McLellan says: "We do not have any auto exposure at all and it is not a huge part of the index. There is a feeling that we have had as good a time as we can hope for in these stocks. Despite strong auto sales the sector has not had any momentum. Also, Chrysler has effectively been taken out of the market now after its acquisition by Daimler Benz, reducing the size of the sector. People have been a bit more wary of investing in the sector as it is now fairly small."
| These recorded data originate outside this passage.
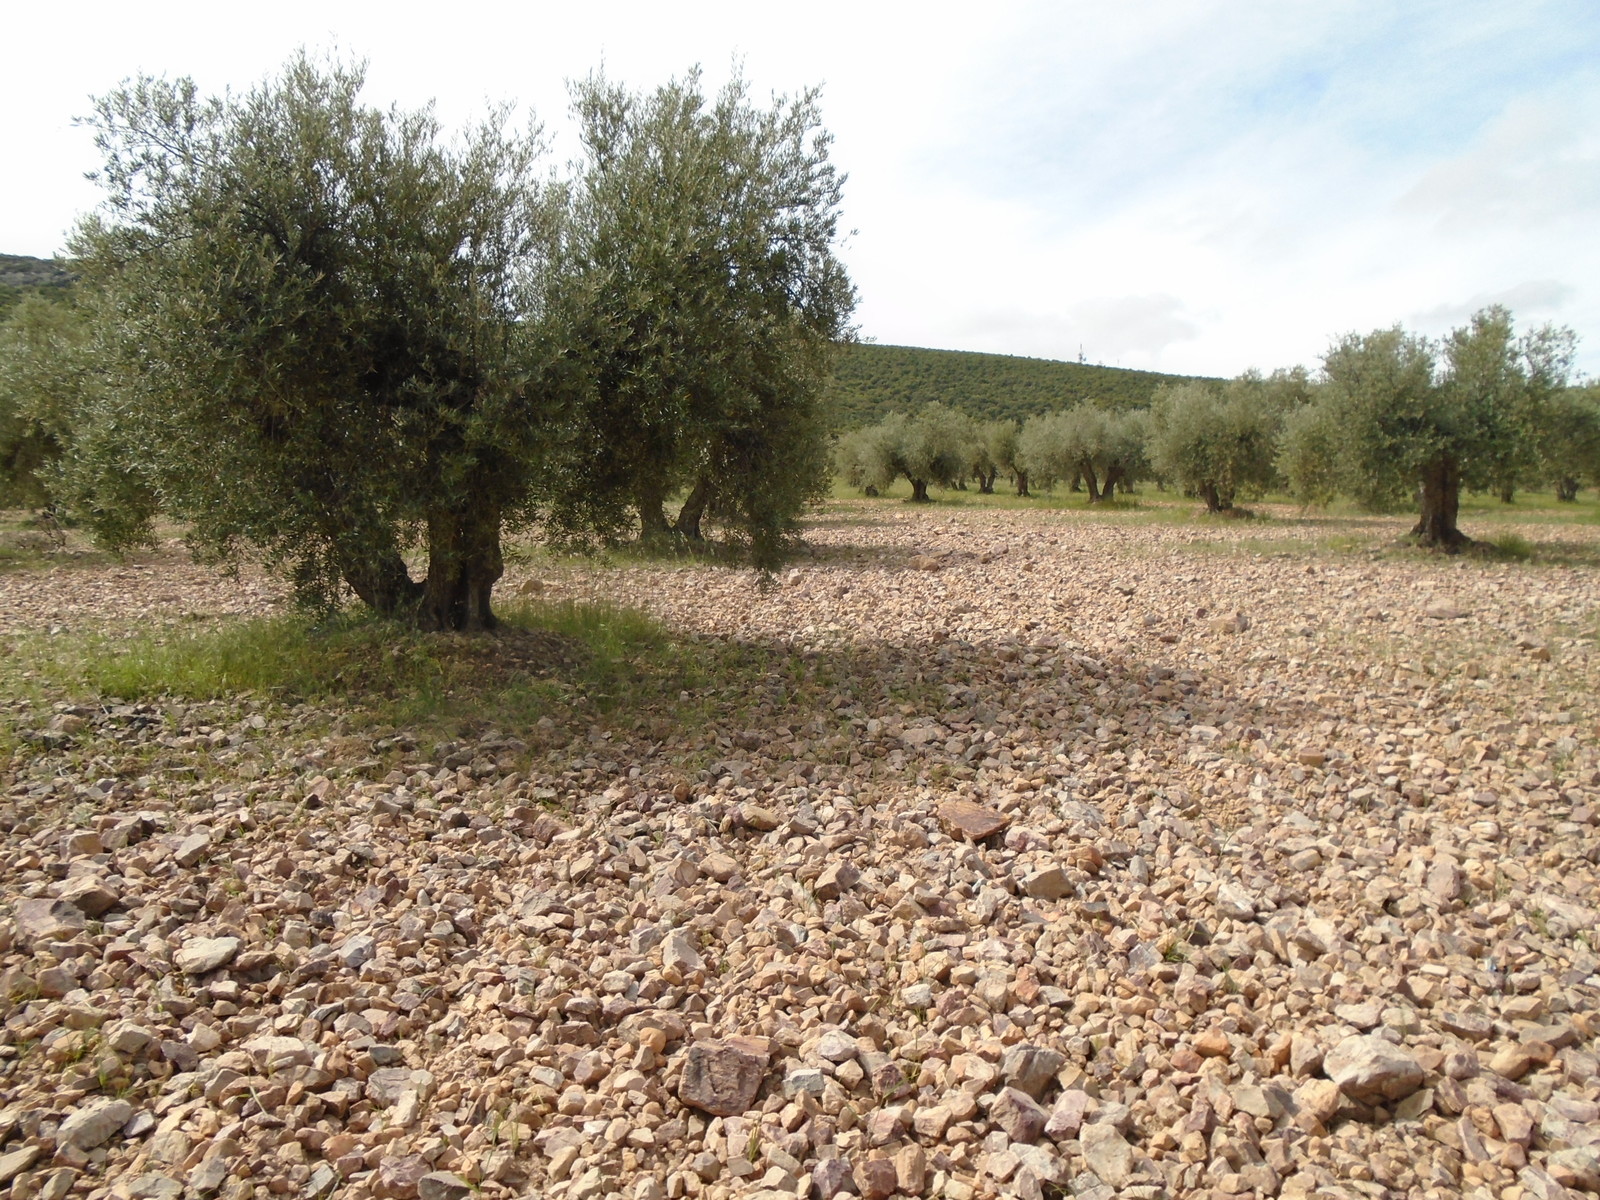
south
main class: Cropland
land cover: Olive groves
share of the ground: 10 - 25 %
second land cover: Spontaneously vegetated surfaces
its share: > 75 %
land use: Agriculture (excluding fallow land and kitchen gardens)
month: May
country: ES
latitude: 39.6643
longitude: -3.7240

He adds it is now easier for a fund manager to have a zero weighting in the sector because it would take a large move in one of auto stock to impact on the relative performance of a fund without any exposure here. For example, General Motors, the world's biggest car manufacturer, makes up only 0.428% of the S&P 500 index compared with 2.195% for Intel. Intel has seen its share price rise by 25.01% in the 12-month period between 9 December 1998 and 8 December 1999.
Richard Killingbeck, director of the international desk at Singer & Friedlander, says the group also has a zero weighting in US auto stocks. He says: "It is interesting to see the dichotomy of consumer confidence continuing to be on the upside in the US while the consumer-related stocks are under pressure.
"The simple explanation for this is that these type of companies cannot do anything about pricing power. Consumer confidence is high, auto sales are strong but the auto companies are suffering price erosion. If you look at the US market as a whole, there are two sectors driving performance, telecoms and technology."
Killingbeck adds that auto companies are not benefiting from the internet because consumer use of the medium is encouraging people to shop around, which means manufacturers need to avoid price rises in order to remain competitive. Killingbeck comments that a longer term theme to look out for is auto companies making increasing use of the internet to buy components, which will contribute to the downward pressure on costs.
Killingbeck also believes that General Motors' share price has seen a rise recently on speculation that it may be a takeover target or could sell off its 68% stake in satellite TV operator Hughes Electronics. General Motors has seen its share price rise by 36.75% in dollar terms in the 12 months to 6 December.